Question:

Consider the function f(x) = 2x + 1 defined for x ≥ 0. The graph of f is shown below:

(a) Find the area of the region bounded by the graph of f(x) and the x-axis, in the interval [1, 3].

(b) Find the x-coordinate(s) of the point(s) on the graph of f(x) where the tangent line is parallel to the x-axis.

(c) Find the value of k such that the area of the region bounded by the graph of f(x) and the x-axis, in the interval [0, k], is equal to 9.

Answer:

(a) To find the area of the region bounded by the graph of f(x) and the x-axis in the interval [1, 3], we need to find the definite integral of f(x) in this interval.

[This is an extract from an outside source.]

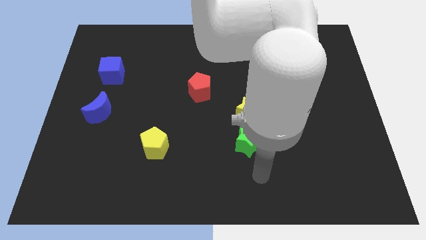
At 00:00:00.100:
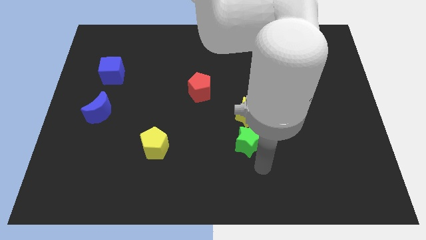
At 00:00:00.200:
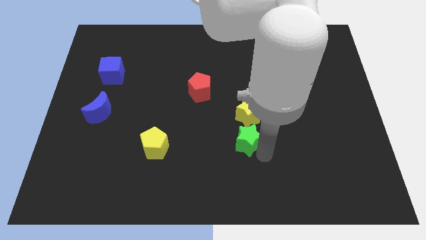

The definite integral is given by:

∫[a, b] f(x) dx

In this case, a = 1 and b = 3. Substituting these values into the definite integral:

∫[1, 3] f(x) dx = ∫[1, 3] (2x + 1) dx

To evaluate this integral, we will use the power rule of integration:

∫x^n dx = (x^(n+1))/(n+1) + C, where n ≠ -1

Applying the power rule, we have:

∫[1, 3] (2x + 1) dx = [(2x^2)/2 + x] | [1,3] = (2(3)^2)/2 + 3 - (2(1)^2)/2 - 1

Simplifying, we get:

Area = (18/2 + 3) - (2/2 + 1) = 12 + 3 - 1 = 14

Therefore, the area of the region bounded by the graph of f(x) and the x-axis in the interval [1, 3] is 14 square units.

(b) To find the x-coordinate(s) of the point(s) on the graph of f(x) where the tangent line is parallel to the x-axis, we need to find the value(s) of x where f'(x) = 0.

First, let's find f'(x) by differentiating f(x):

f'(x) = d/dx (2x + 1) = 2

Since f'(x) is a constant (2), it is never equal to 0. Therefore, there are no x-coordinate(s) where the tangent line to the graph of f(x) is parallel to the x-axis.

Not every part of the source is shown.